Well, actually yes :p. I did some canoeing last Friday and I haven't recovered yet. :)

Are you talking about canoeing, or ``canoeing''. When we went ``canoeing'' it involved a cooler full of beer and as the day progressed the cooler full of beer was spotted more and more often floating down the river next to a coule of upside down canoes and a bunch of guys trying to get the cooler back into a righted canoe before the precious contents were lost. But I digress... :)

Sounds nice :).
But this was a "social event" from my company so no alcohol.
Moreover, I don't drink alcohol. I don't trust myself to stop when I have too much :p.

Heh... booze was a little too fun for me too. I only drink it rarely now. Never more than a single drink at a time. But have I got some stories from the good old days :)


If we create a new offscreen surface (which I was not
talking about doing, I only said we have to recreate the primary (onscreen)
surface) with a different depth/format/etc than the original offscreen
surface, then we have effectively changed the X graphics mode and we would
need to use some sort of X extension to notify clients that all pixmaps and
visuals have been reset. If there is such an extension, I am not aware of
it.



I'm not familiar with DirectX nor the internal of X so maybe I used the wrong words. I'm not actually talking of changing what the X server think the screen resolution/depth is. But we can already have a different resolution/depth for the visual than for the monitor, which means that there is a conversion at some point when the depth doesn't match. So why can't you just throw away everything that is after the conversion? I would think that, at worst, if the conversion happens when drawing into the offscreen surface, all the buffers would have to be recreated and that X would just have to ask all X windows to redraw their content in the new offscreen buffer.

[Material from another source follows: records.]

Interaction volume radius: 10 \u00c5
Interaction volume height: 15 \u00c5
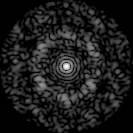
Disorder parameter: 0.7051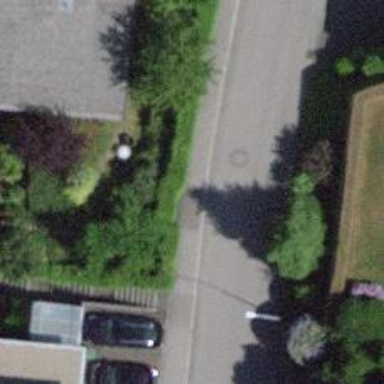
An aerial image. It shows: Sidewalk along the footway.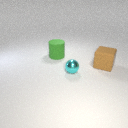
large green rubber cylinder behind small cyan metal sphere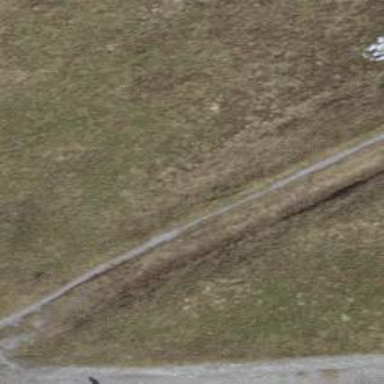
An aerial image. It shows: Path covered with grass.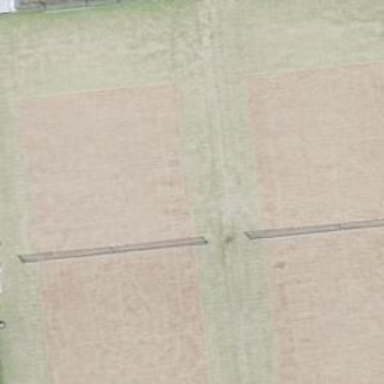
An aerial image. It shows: Tennis court on pitch.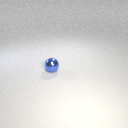
small blue metal sphere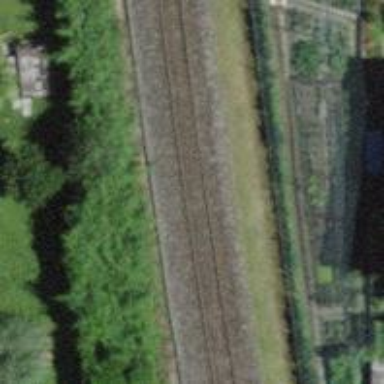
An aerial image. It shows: Narrow-gauge railway with electrified contact line.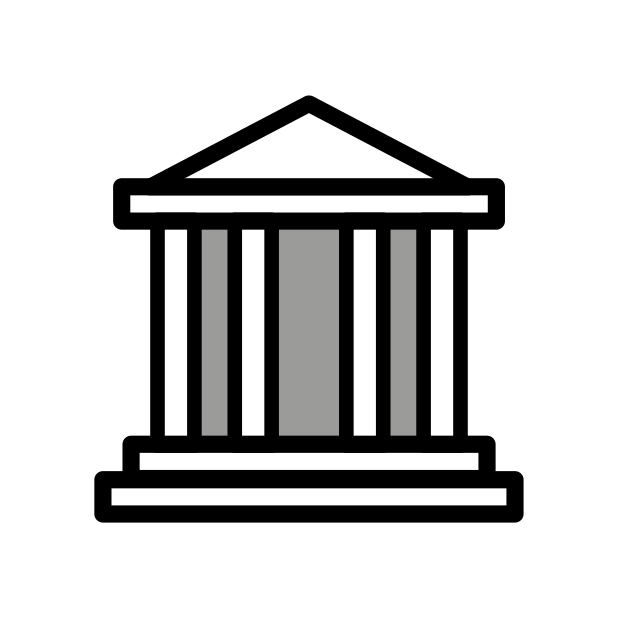
Emoji: 🏛
Name: classical building
Unicode: 0x1f3db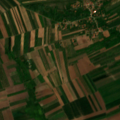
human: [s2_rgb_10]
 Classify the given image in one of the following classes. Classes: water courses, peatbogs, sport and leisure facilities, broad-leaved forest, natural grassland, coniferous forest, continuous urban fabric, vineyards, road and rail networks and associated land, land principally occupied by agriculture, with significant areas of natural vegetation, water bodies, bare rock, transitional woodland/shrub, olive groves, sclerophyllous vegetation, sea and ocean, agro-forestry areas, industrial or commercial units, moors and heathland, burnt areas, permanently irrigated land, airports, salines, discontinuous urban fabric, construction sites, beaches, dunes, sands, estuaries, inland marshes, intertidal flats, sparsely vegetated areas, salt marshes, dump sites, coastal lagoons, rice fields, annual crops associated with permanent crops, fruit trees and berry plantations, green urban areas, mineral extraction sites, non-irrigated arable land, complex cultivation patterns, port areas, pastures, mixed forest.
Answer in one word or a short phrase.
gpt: non-irrigated arable land, complex cultivation patterns, land principally occupied by agriculture, with significant areas of natural vegetation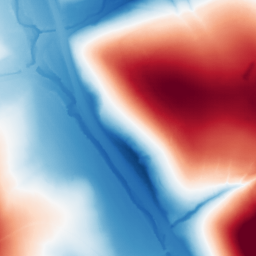
Category: classical
Decomposition family: gaussian
Decomposition parameters: sigma: 100
Upsampling method: sinc_hamming
Upsampling parameters: scale: 4
kernel_size: 16
Upsampling scale: 4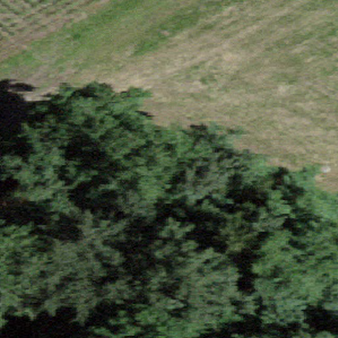
Label: other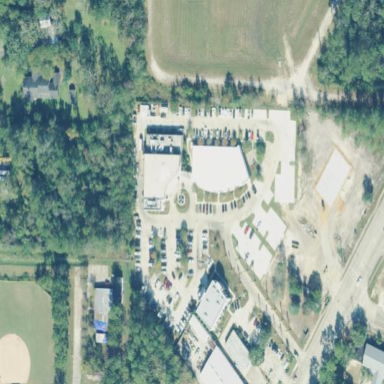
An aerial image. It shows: Healthcare facility identified as hospital.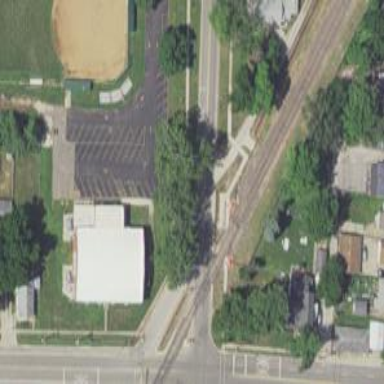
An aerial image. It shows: Asphalt footway with uncontrolled crossing marked with lines.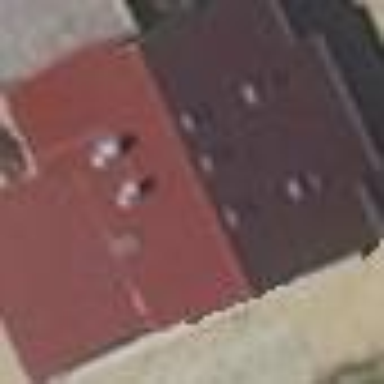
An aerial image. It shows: Detached building.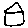
Label: house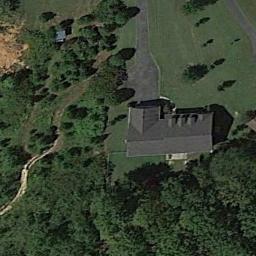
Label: sparse_residential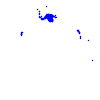
Particle: electron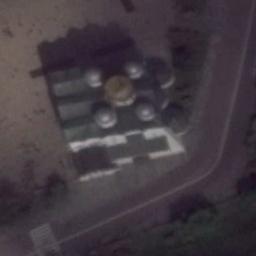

I think I see where you are confused.

I said previously that we can handle screen resolution changes because we essentially just enable scrollbars, if necessary, to allow the extra area to be viewed. With the Shadow GDI engine, that is all that has to be done.

However, with the Shadow DirectDraw and Shadow DirectDraw Non-Locking engines we must release and recreate the primary surface using the same size as it had before. This is really just a technicality. You see, DirectDraw allows a surface to be larger than the screen size. But, when you change the screen resolution, DirectDraw requires that you release the primary surface and create again. DirectDraw doesn't care if you recreate the primary surface using the exact same parameters; rather, it just wants you to recreate it. Yes, this is silly, but that is what DirectDraw requires.

====

I also said previously that screen depth changes were much more disruptive than screen resolution changes.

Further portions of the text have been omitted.